|Abstract or Summary
- Volatile hydrophobic compounds (HOCs) brought into soil and sediment
systems represent a serious threat to the environment. Dissolved
organic carbon (DOC) may exert an important influence over the total
aqueous solubility and mobility of organic pollutants through their
incorporation into micelles or the formation of soluble complexes.
To date, however, it is not clear whether DOC interacts with nonionic
volatile HOCs under natural conditions. Also, very little is known
about the influence of DOC-type and other environmental parameters.
A static headspace analysis technique was used in combination with
gas chromatography to determine the extent of interactions between
DOC and benzene, toluene, and chlorobenzene. Three different types
of DOC were compared: a natural water-soluble extract (WSE) obtained
from a Cumulic Humaquept (Labish Series), a commercial humic acid
(HA), and a high purity fulvic acid (FA). In factorial experiments,
the effect of type and concentration of DOC, solution pH, preparative
treatment of DOC solutions, and hydrophobicity of HOCs was examined.
DOC concentrations in the experiments ranged from 1.3 to 36.5
mmol-L⁻¹, the ionic background was made up by 0.10 M KC1, and the temperature was held constant at 25 °C. The solution pH in different
experiments was 4.0, 6.5, and 9.0. The acidity of classes of DOC
functional groups, the influence of solution pH on the degree of
DOC-protonation, and the maximum number of protons complexed per mol
DOC were determined for WSE, HA, and FA through continuous
potentiometric titrations. Basic solutions 9.36 mM in DOC were
titrated with HC1 under N₂ in a 0.1 M KC1 ionic background at 25 °C.
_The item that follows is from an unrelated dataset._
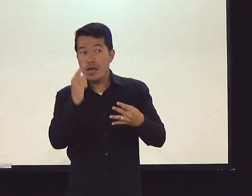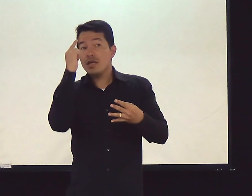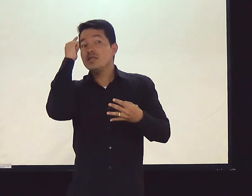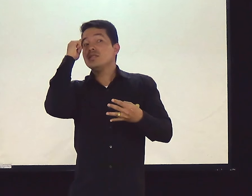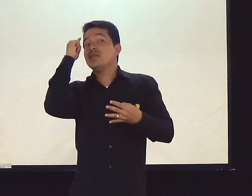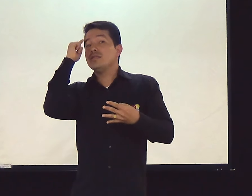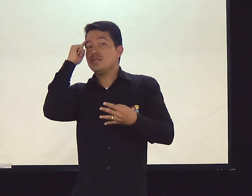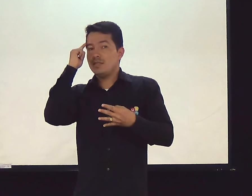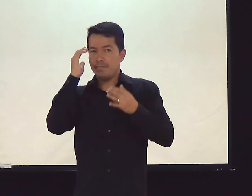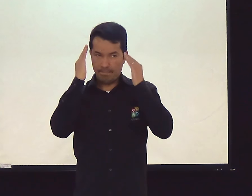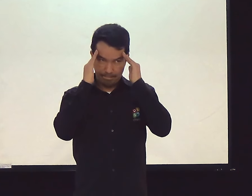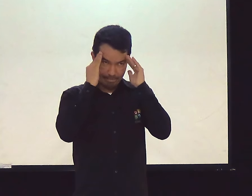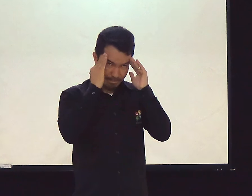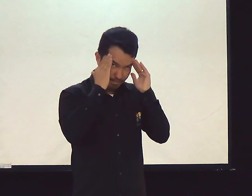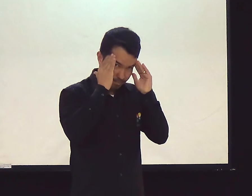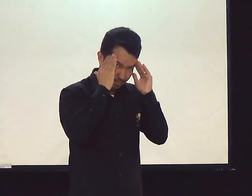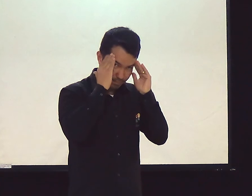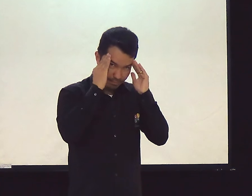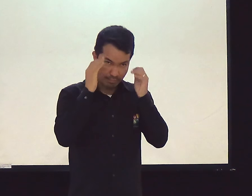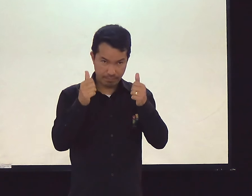deles. Certo? Entenderam?

At DOC concentrations ≥ 9.3 mmol-L⁻¹, a small percentage of HOC
molecules associated with DOC. However, no statistically significant
linear relation between DOC concentration and DOC-HOC interaction was
observed. Differences in the association of benzene, toluene, and
chlorobenzene with DOC were inconsistent with different DOC-sources.
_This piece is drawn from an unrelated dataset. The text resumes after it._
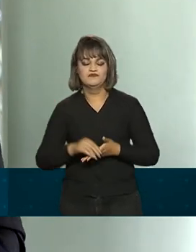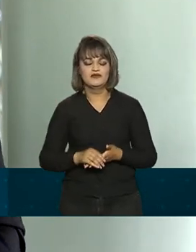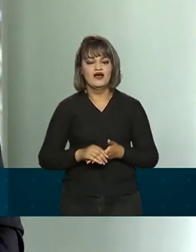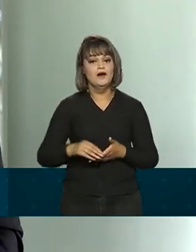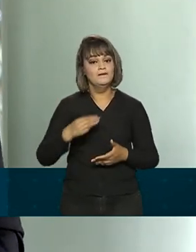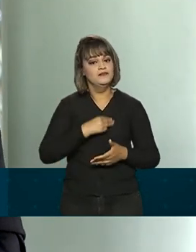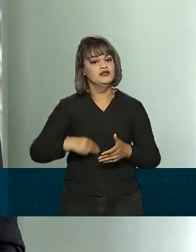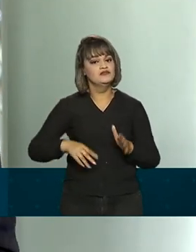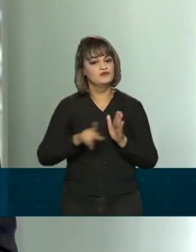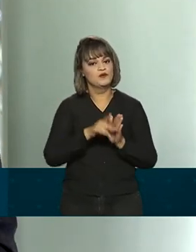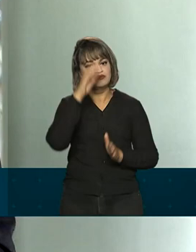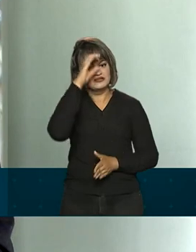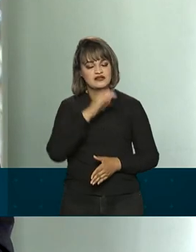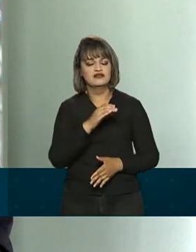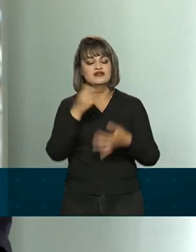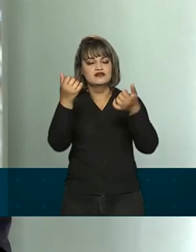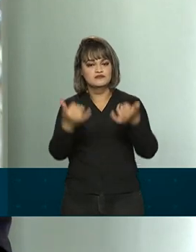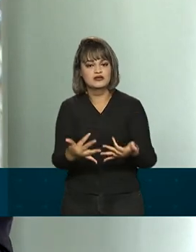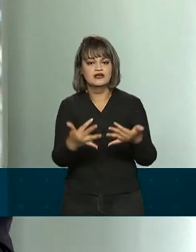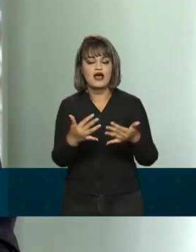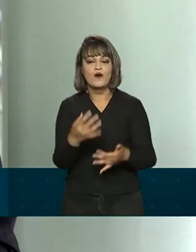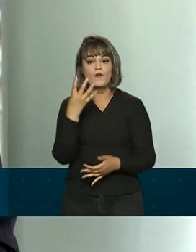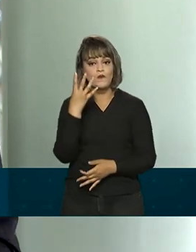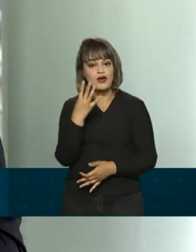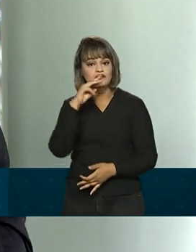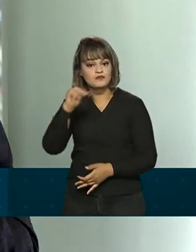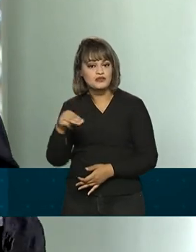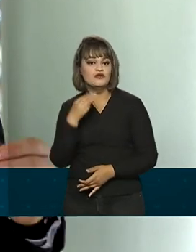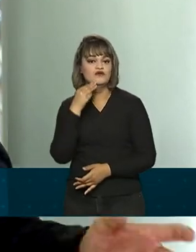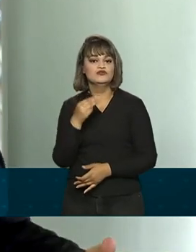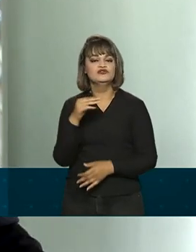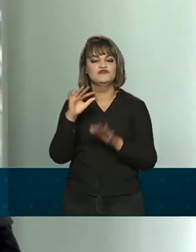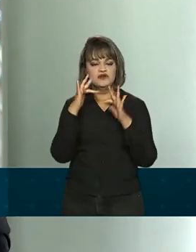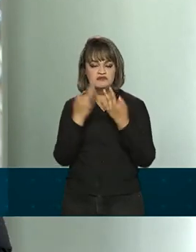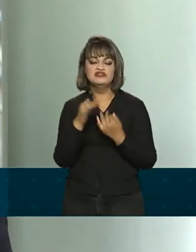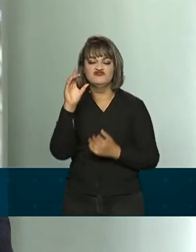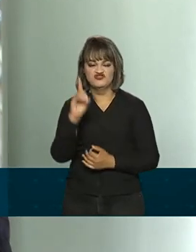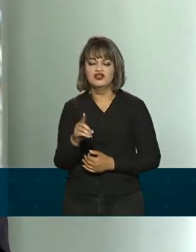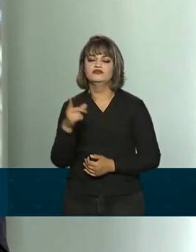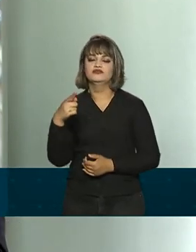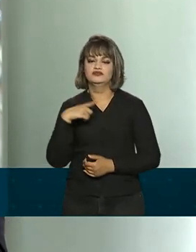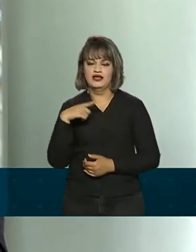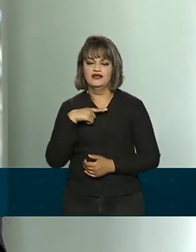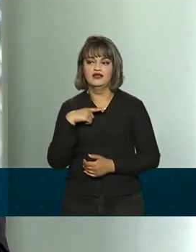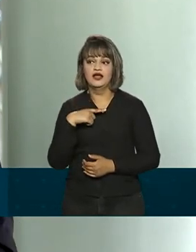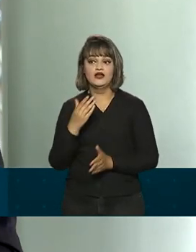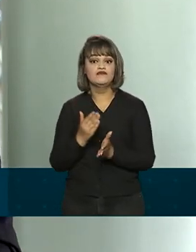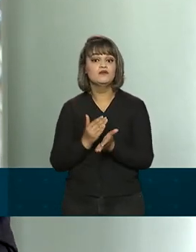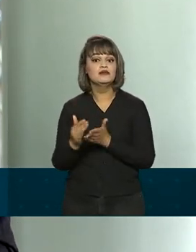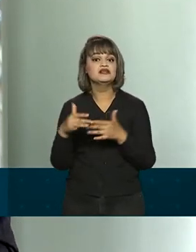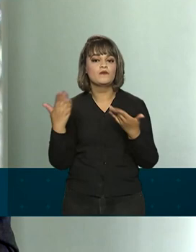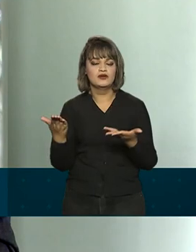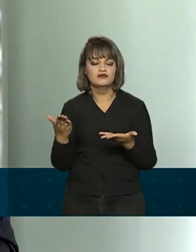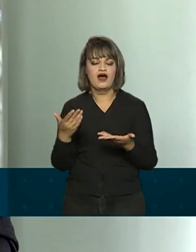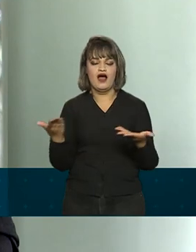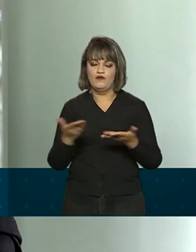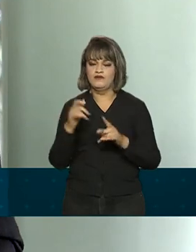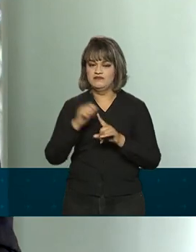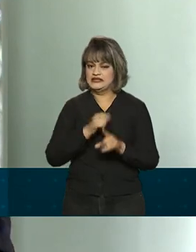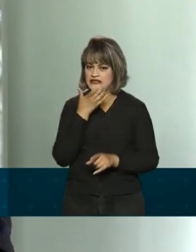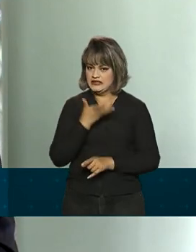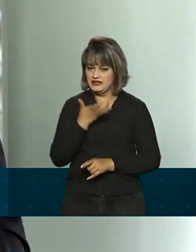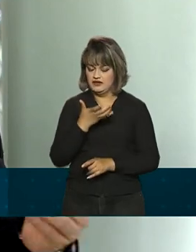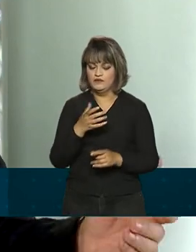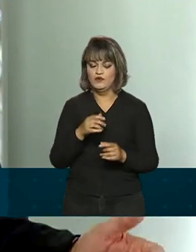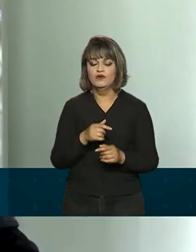João Roma, estima que 4 milhões de famílias recebam este benefício, que deverá começar a ser pago agora em dezembro,

Toluene exhibited a higher affinity for unfiltered and aged WSE- and
HA-solutions when compared with freshly prepared, filtered solutions
of the same materials. Most HOC molecules associated with DOC at pH
6.5. HA and FA showed a significantly greater affinity for HOCs than
WSE. This reflects the acidic functional group properties of the
WSE displayed the greatest capacity to complex protons,
although the FA and HA functional groups were more acidic. WSE, FA,
and HA complexed a maximum number of 0.196, 0.158, and 0.136 mol
H-mol⁻¹ DOC, respectively. Formation functions of WSE, HA, and FA
calculated from titration data were fitted to a chemical model
through a non-linear least-squares minimization program in order to
obtain conditional protonation constants (cK) for classes of
functional groups. Log cK values were 5.52 and 9.12 for WSE, 4.87 and 8.77 for FA, and 4.75, 7.62, and 9.39 for HA. These values were
in agreement with protonation constants obtained through a graphical
procedure. A comparison of the data obtained for WSE, HA, and FA
from association and titration experiments shows that the capacity to
complex protons and the affinity for HOCs are inversely related.
The relatively high functional group content of WSE corresponds to a
relatively low hydrophobicity, as expressed in the small extent of
WSE-HOC interactions when compared with HA and FA.